Ariel Shibolet: The Cy Twombly Trilogy

Israeli reedman Shibolet presents us with three CDs – a solo and a couple of duos – on JC Jones’ Kadima Collective label. Each record’s sleeve is adorned by a Twombly painting, with nice aural incentives to be found in there for good measure.

ARIEL SHIBOLET – Live At The Total Music Meeting 

Specifically, the 2007 edition of the legendary Berlin festival (by the way, I’ll have to find a week to dissect that colossal FMP box sooner than later). Independently from the quote of a flattering review on the cover, which compares – effortlessly, and somewhat inappropriately – Shibolet with Evan Parker, the 39-year old central character is the carrier of a strong identity of his own. He might be turning wheels and spitting fire in certain cruelly strenuous circulations as to recall the English master, but then the resolution of those whirlwinds is repeatedly found in single notes that slide, glide and squeal with nearly painful effects for our ears, in an almost desperate need of telling us “this is me”. When the focus is shifted on the multiphonic side of things, a raw-boned musicality – corroborated by the use of voice “inside” the instrument and the customary damp lingual tricks – tries to overcome the brute strength of wavering power tones in the lower registers. Substantial stuff throughout, also appreciable by members of the Bertrand Denzler/Stéphane Rives guild. 
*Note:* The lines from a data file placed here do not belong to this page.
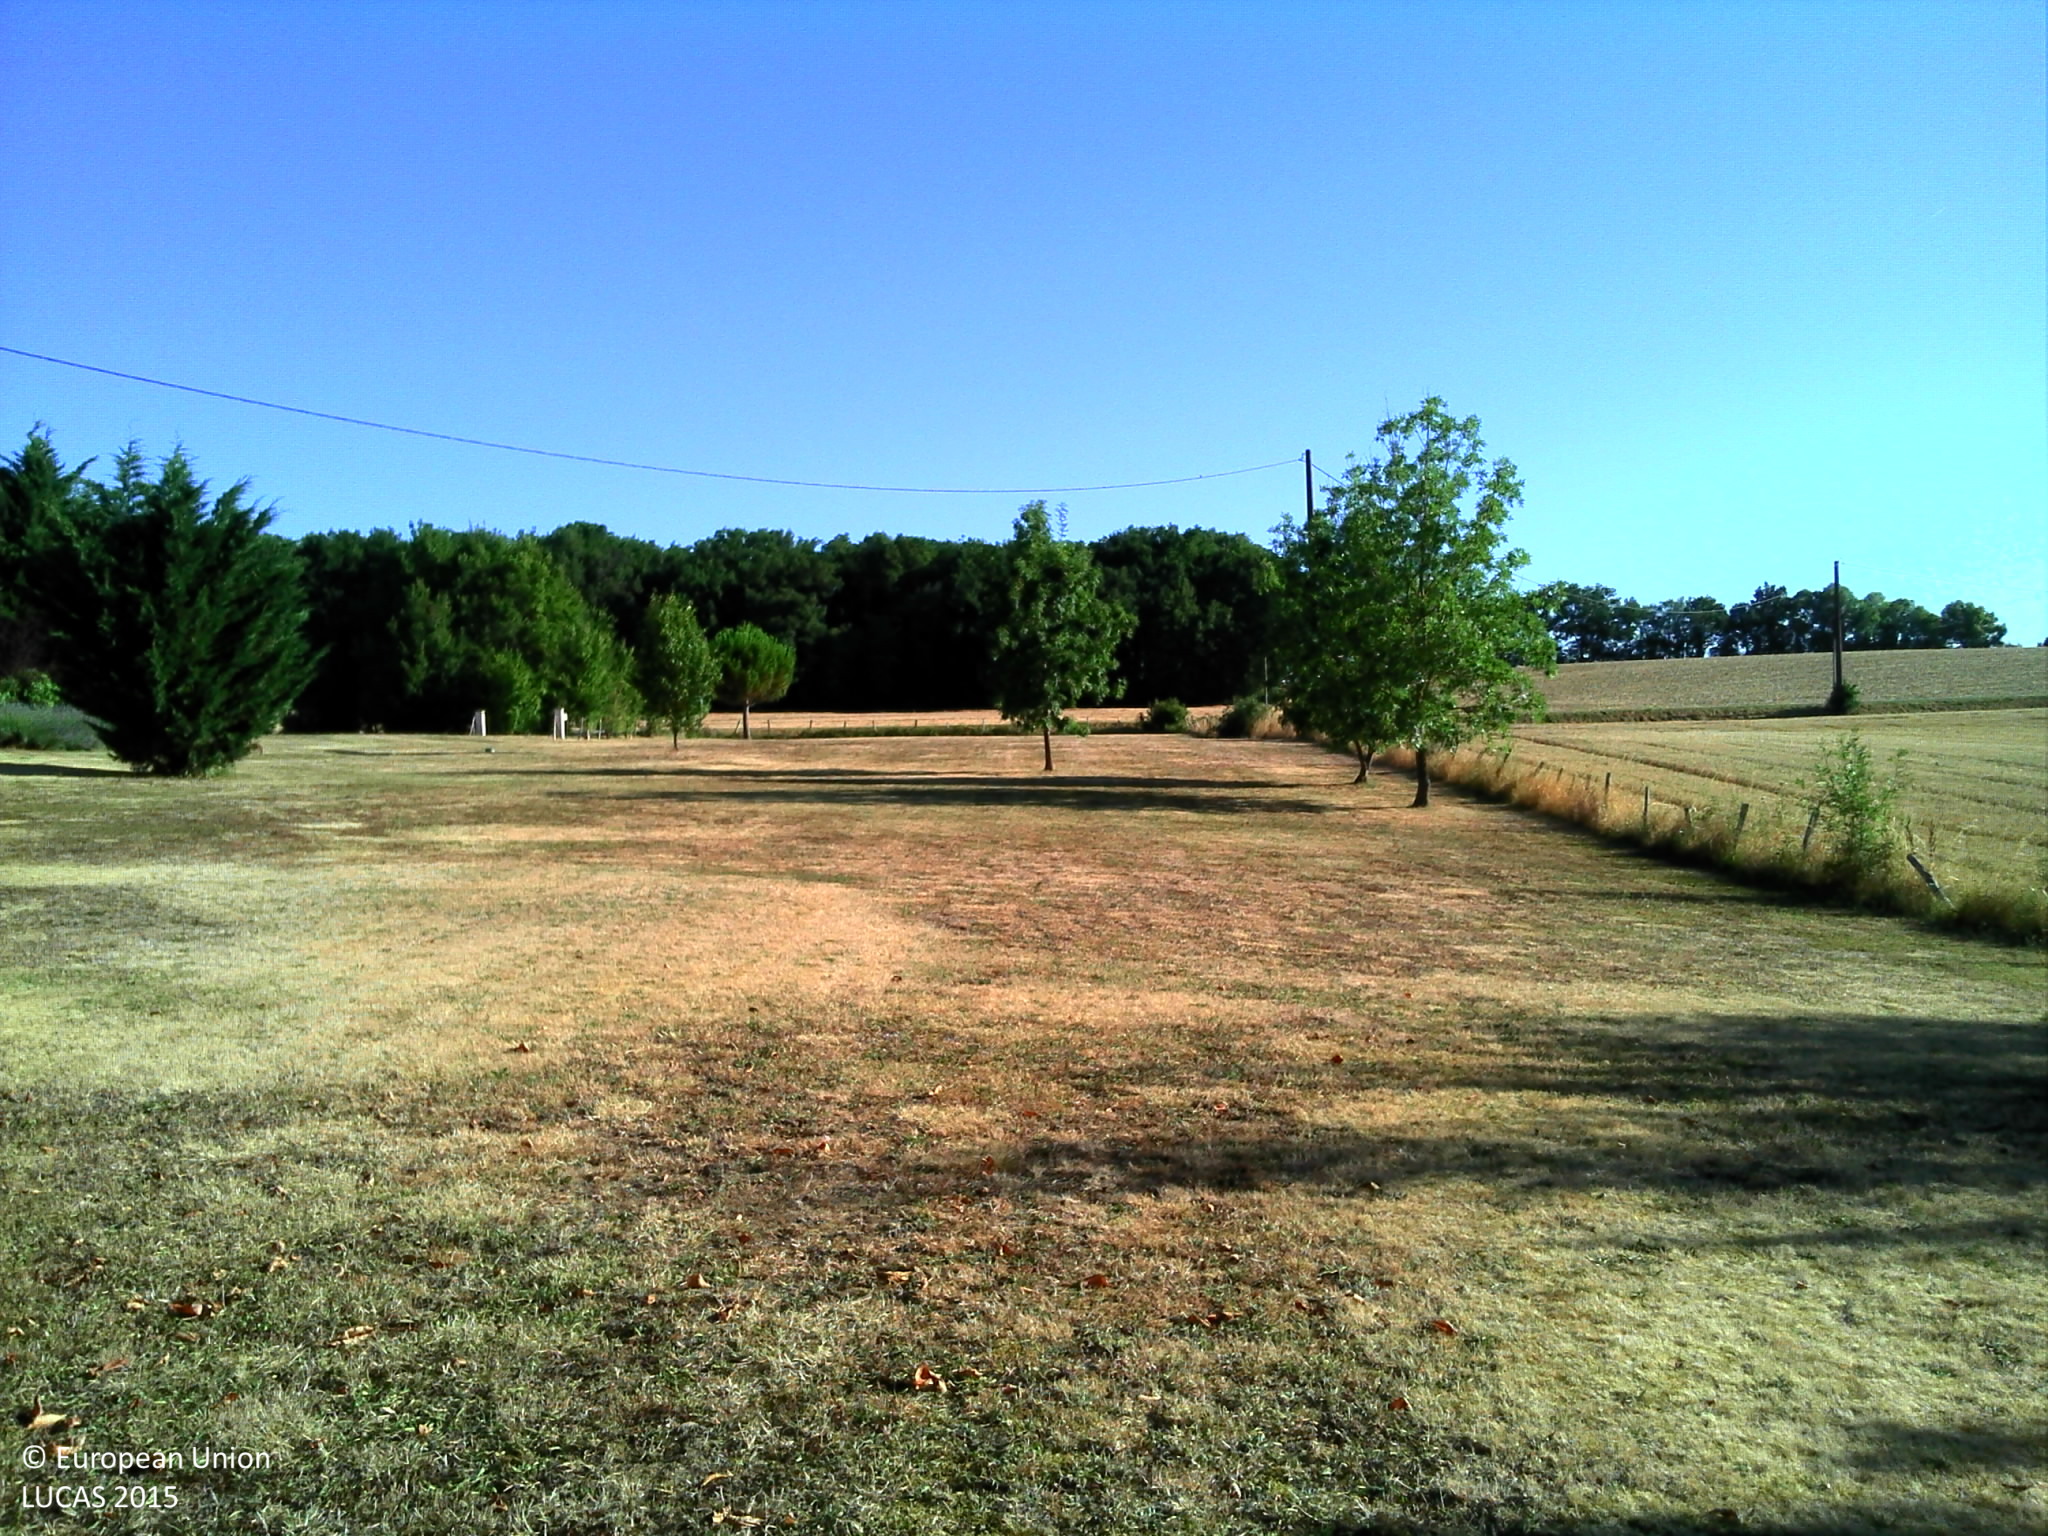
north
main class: Cropland
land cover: Cherry fruit
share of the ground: 25 - 50 %
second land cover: Grassland without tree/shrub cover
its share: > 75 %
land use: Kitchen garden
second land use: Residential
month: July
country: FR
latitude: 44.7358
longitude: 0.5582

ARIEL SHIBOLET / NORI JACOBY – Scenes From An Ideal Marriage 

Soprano sax and viola, recorded live at Tel Aviv’s Hateiva in 2010. Shibolet and Jacoby do not even attempt to chip away at the common practices of current improvisation, letting most elements of a recent vocabulary enter the picture at various times. The pairing of instrumental voices works reasonably fine, starting with wet insufflations, intense breathing and lyrically rasping aspects of timbral parallelism to arrive at moments in which the pitches are so strained and yet so expressive that they give an idea of stirring exigency and severe mourning at once. The resultant music is for the large part quite gripping, never impecunious as far as emotions are concerned, always revealing a humanity that keeps listeners willing to identify with the thickest facets rather than jostling them aside. The balance of percussive nuances and sloping semi-tonal figurations replete with strange upper partials warrants serious enthralment during a variety of situations.
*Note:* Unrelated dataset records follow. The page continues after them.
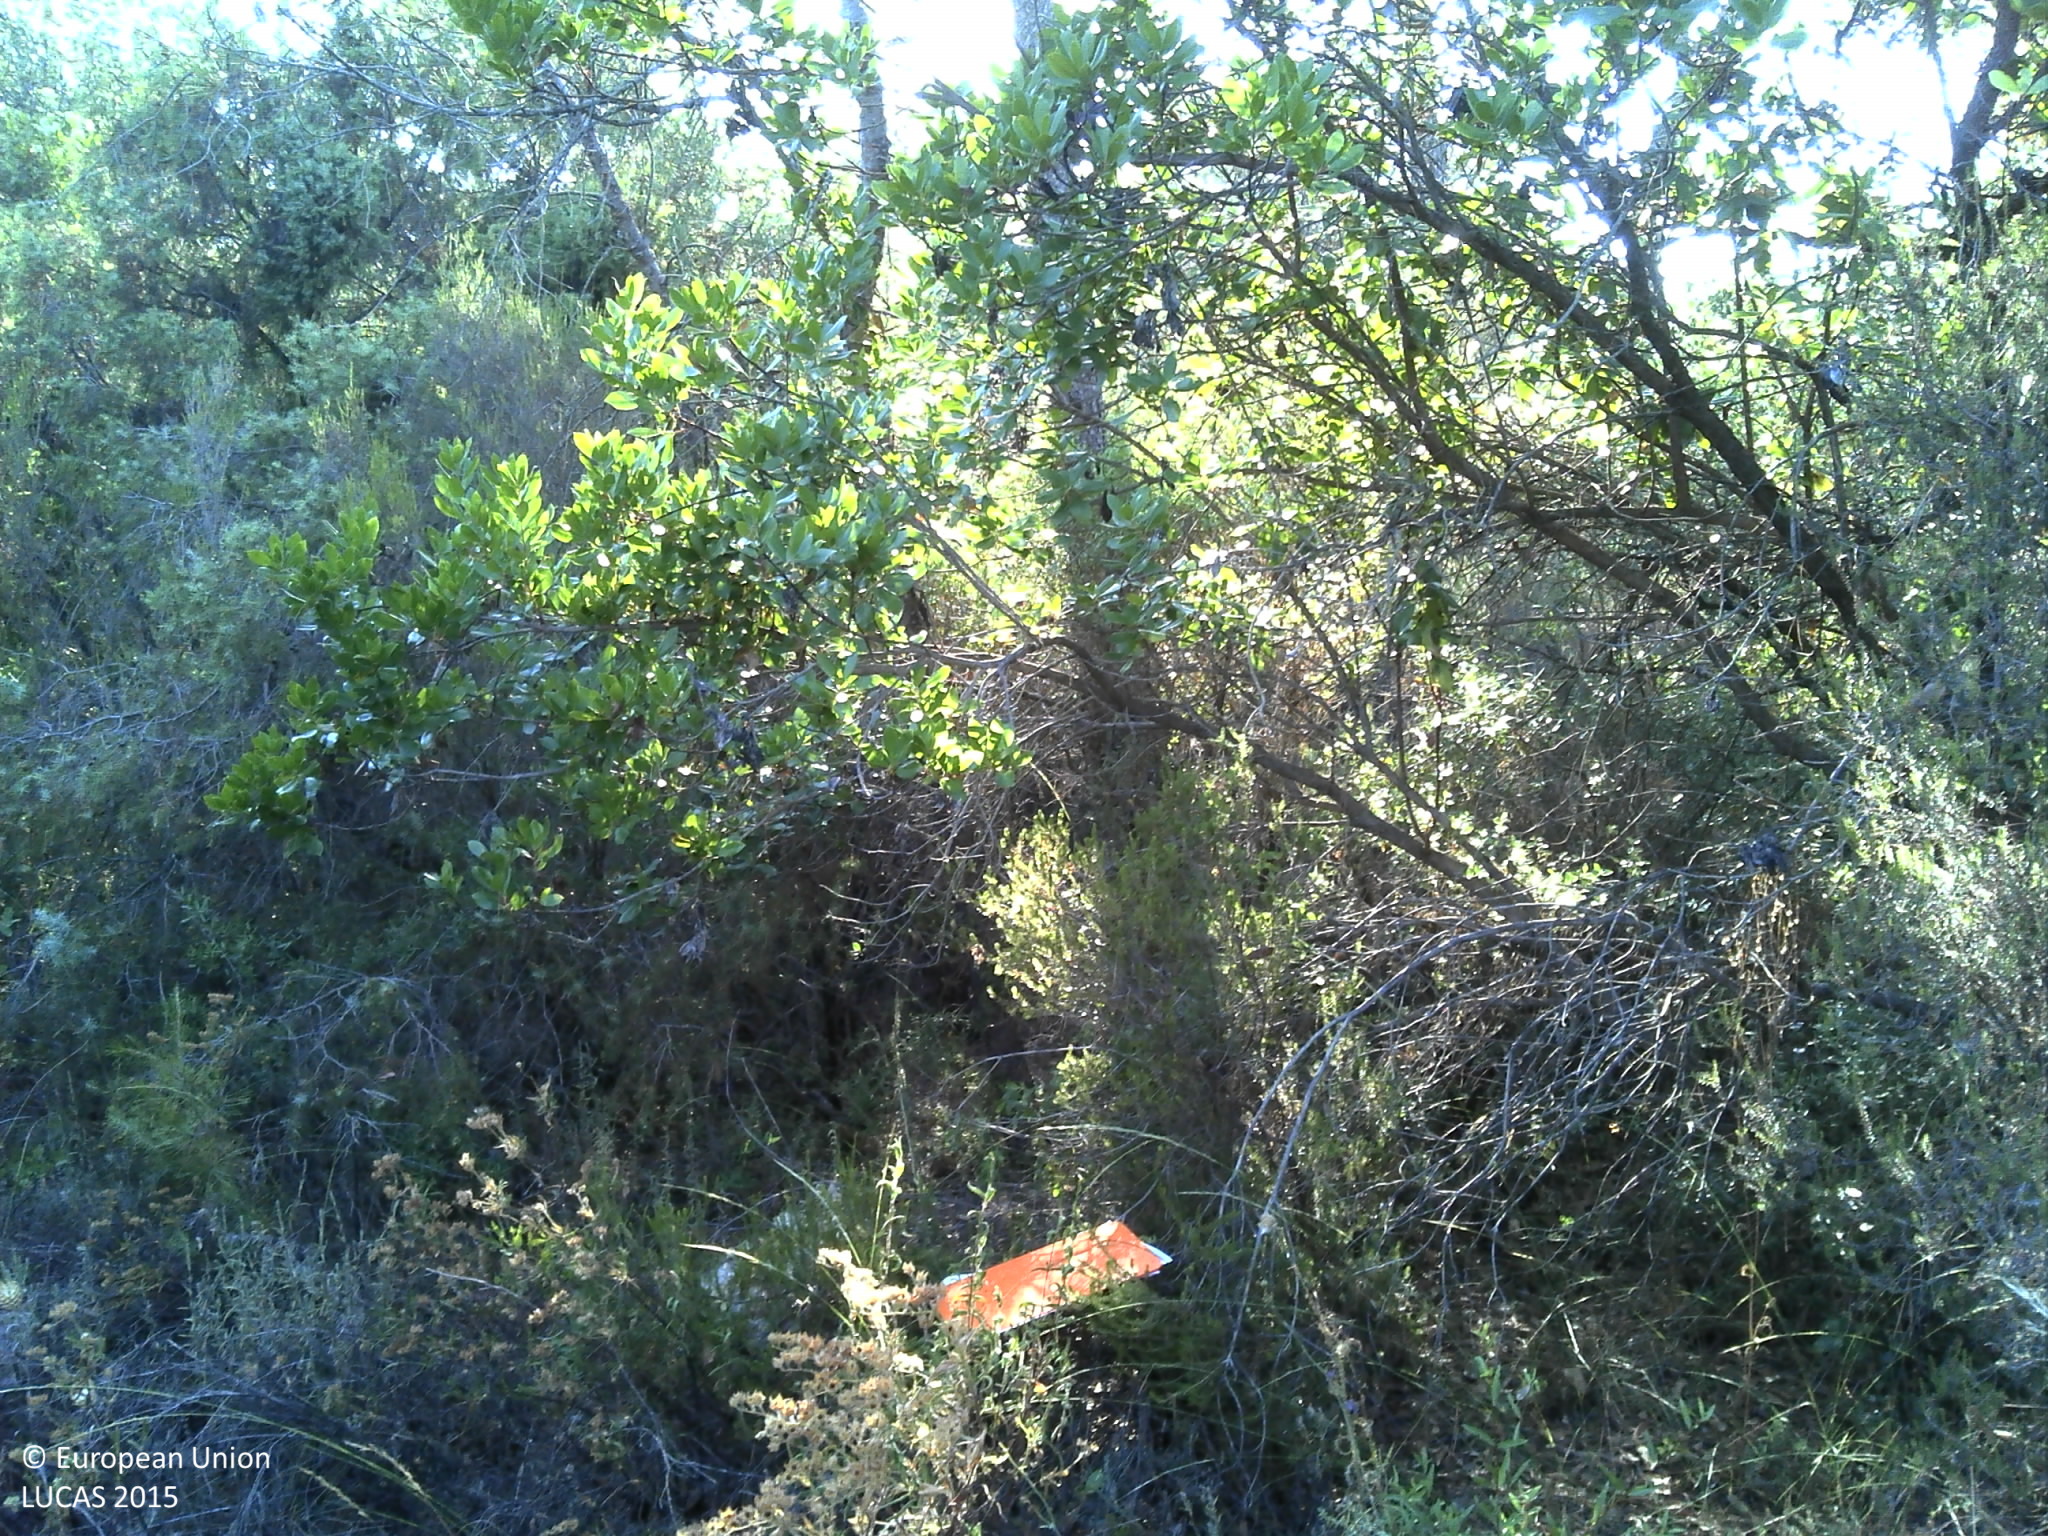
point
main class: Woodland
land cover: Other mixed woodland
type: broadleaved evergreen forest
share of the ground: > 75 %
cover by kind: broadleaved forest trees 35 %, herbaceous plants 30 %, coniferous forest trees 25 %, unconsolidated bare surface 10 %
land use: Forestry
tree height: < 5 m
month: July
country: FR
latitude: 43.6838
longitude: 3.6199

ARIEL SHIBOLET / HAGGAI FERSHTMAN – Happiness For Things Unseen 

A series of mainly garrulous exchanges between parties who come from dissimilar backgrounds (drummer Fershtman militates in a number of rock bands, we’re told). As distant from “quiet” conversation as one can be: either in “bubbling chatter vs. abrasive metal” fashion, or in combinations of different kinds of loquacious wrath (think a punk version of Paul Dunmall fighting a rolling-and-tumbling imprudent nonconformist), the appearance of what’s produced is likely to invigorate and/or rub up the wrong way, depending on the receiving subject. The “animal” characteristics are more evident in concert snippets such as “Live At Levontin 7” and in the conclusive poker of bonus tracks (all called “Movement”) which also restate that this is not gratuitous blasting. When they decide to show that trait, both artists are in fact reasonable reciprocal listeners, able to mix ironic matter-of-factness and vehement density without spraining their creative muscles.